Unfortunately, it's not working too well at least from what my eyes detect. I've been throughout the "hood" sections of Chicago and needless to say you won't drive too far before someone throws up the universal "I got weed sign." For those of you unfamiliar it's simply putting your fingers to your mouth as if imitating you're smoking. So just in case you ever find yourself lost and driving through the "hood" if you see someone doing this don't worry it's not a gang sign. They just want you to know that if you're looking to buy weed, marijuana, green or whatever clever nickname you want to call it they got it. Funny thing is that I work and live in the suburbs but I was recently walking home from work and I walked past a Caucasian young man and heard him yelling "Hey!" Not knowing who he was talking to I kept walking he then yelled louder and I looked back and noticed he was talking to me. So I stopped and asked "what's up?" The guy then proceeds to ask if I have or know where he can get weed from? I quickly answered no to both and proceeded to take my black ass home. Well the black ass part was I'm sure part of why he chose to assume I had weed or knew where he could get some. I could go deeper into this stereotyping but that's probably best fit for another blog all by itself. But just goes to show you that you don't have to be in the heart of the ghetto to be confronted with drugs and drug use.

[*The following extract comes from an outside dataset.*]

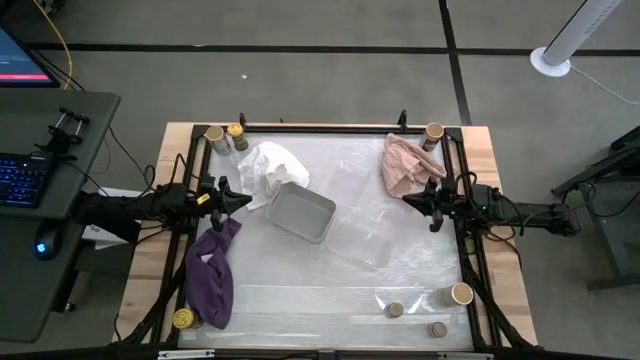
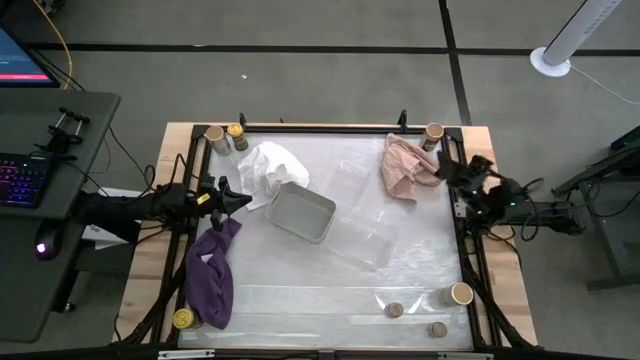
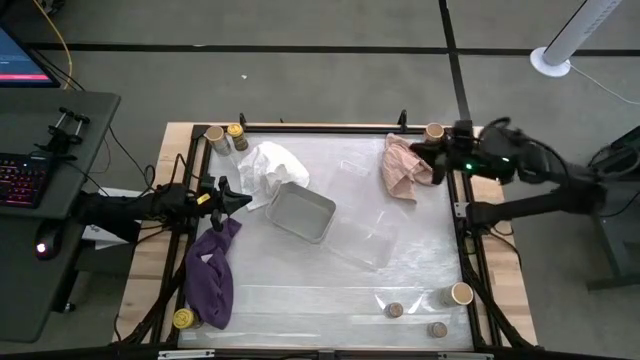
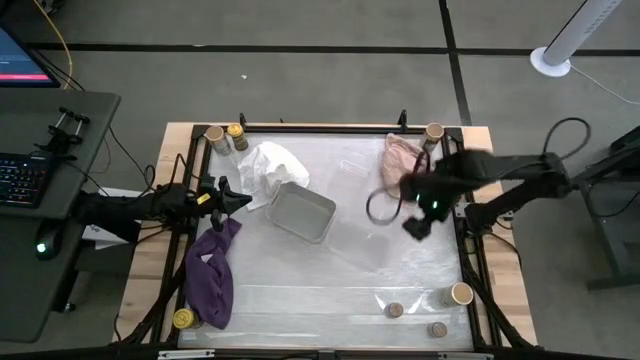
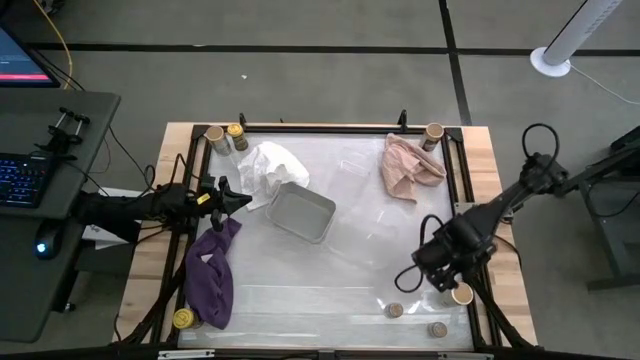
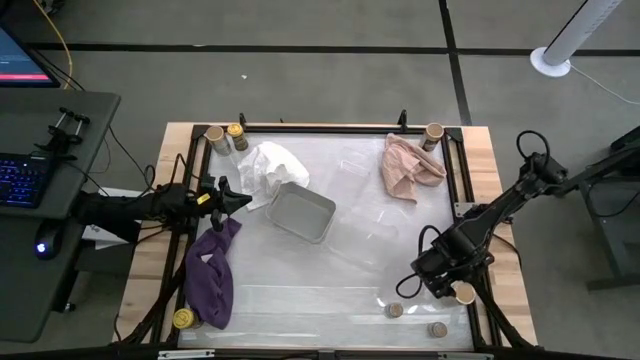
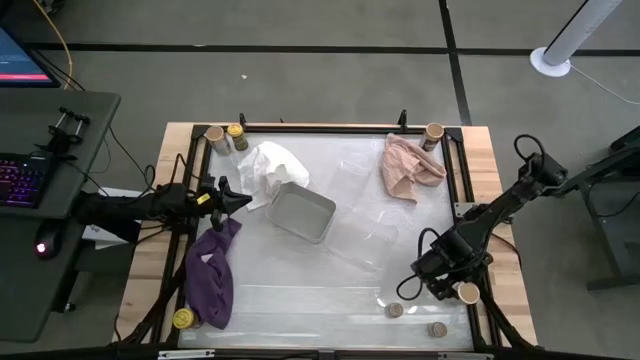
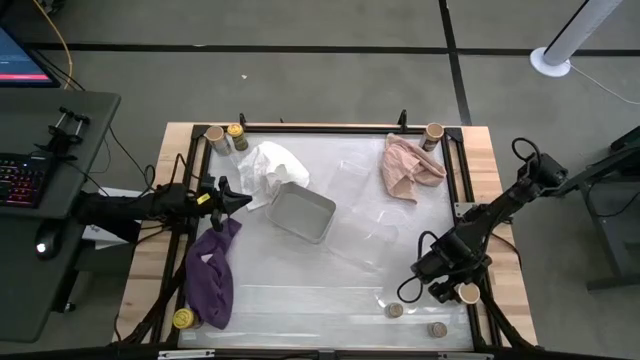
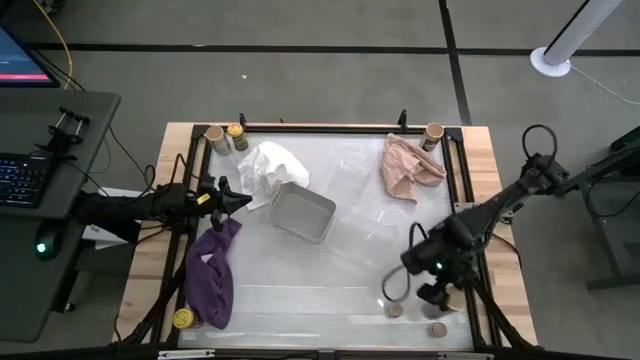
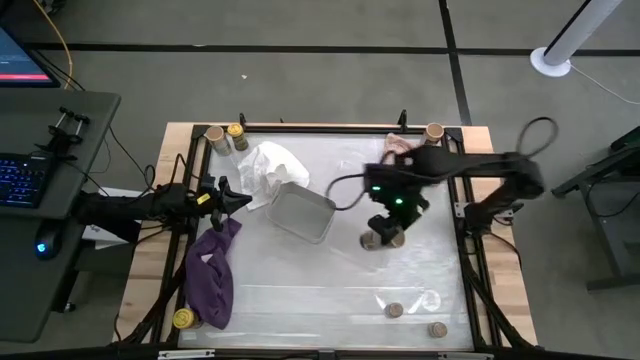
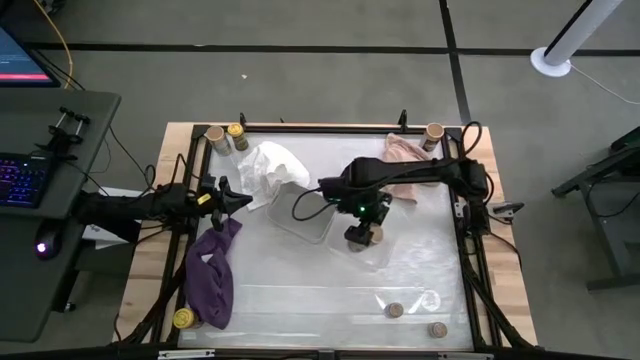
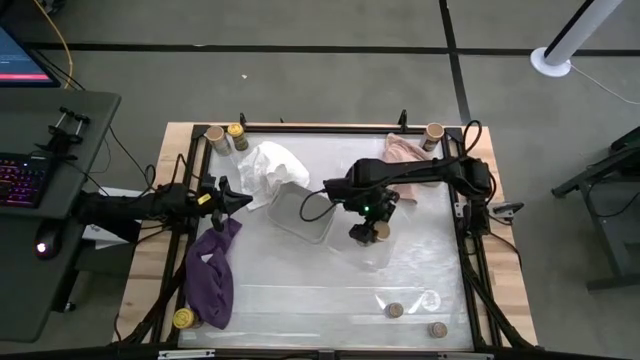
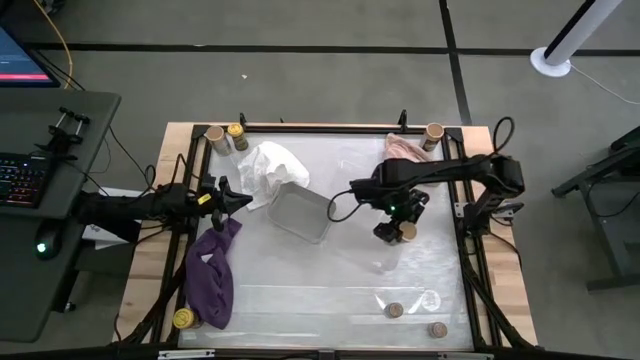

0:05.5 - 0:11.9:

So back to the war on drugs, that's where we were. Well there's one tactic that I've discussed with my brother and a few others that I don't believe the DEA has used in their efforts to keep drugs off the streets. What I continue to say is we need to find out who makes and supplies the "baggies." Yes those small bags that fit only a nickel or dimes worth of drugs in them is exactly what I'm referring to. I'm no drug expert so please don't take what I'm saying as evidence I deal or use drugs because I don't. But being young and black and having lived in the inner city and still knowing people that do you get exposed to some things. Therefore, I know that to make certain drugs there are certain products you can use such as a scale, baking soda, razor blades. Well those are common items that you can basically pick up at any grocery store. However, I've never seen the little "baggies" in aisle 3 of the grocery store along with the sandwich bags and foil. Or maybe it's just me they are pretty small so maybe I've just missed them, but I doubt it. I just have never seen them used for anything else ever, so if they had another practical use then I could understand them being produced but I just don't have one. Then some even dare to have the marijuana leaf symbol on the outside of the bag. Come on now you can't tell me there is another use for such a bag. I mean it's bad enough that drug users are getting swindled as is. Well so I've heard, my parents have occasionally mention how a nickel bag back in the day was a sandwich bag full of weed now they're reduced to this small ass "baggy." Talk about inflation LOL.

But basically my theory is wherever dealers are getting these baggies from can lead to someone that has a connection with a lot of dealers. Now will it work or not I don't know, but to me if you haven't at least tried it then hell it's worth a try. But perhaps they have and figured the baggies were irrelevant to stopping the war on drugs. Now yes I'm positive that if they eliminate the suppliers of the little "baggies" that the dealers will use something else to package their drugs in. Anything from sandwich bags, to foil, to paper, plastic wrap, to tissue, bubble gum wrappers, etc. By no means am I saying it will solve the war on drugs single handedly but I think it would maybe give them inside access to some of the low level people and perhaps give them a chance to move their way up the ladder.

Well all in all I feel that drugs will always be in our society no matter how many billions the Government spends on the war on drugs. So ultimately there is nothing D.A.R.E. or removing little baggies can or will do to stop drugs and drug usage. However, when my child is as of age I do hope that programs like D.A.R.E. still exist. Although I don't expect them to my job as a parent, but I think it's a great way to begin the prevention and awareness especially in school where I won't be. But as a parent I will do the best I can to keep him as far away from drugs as I can.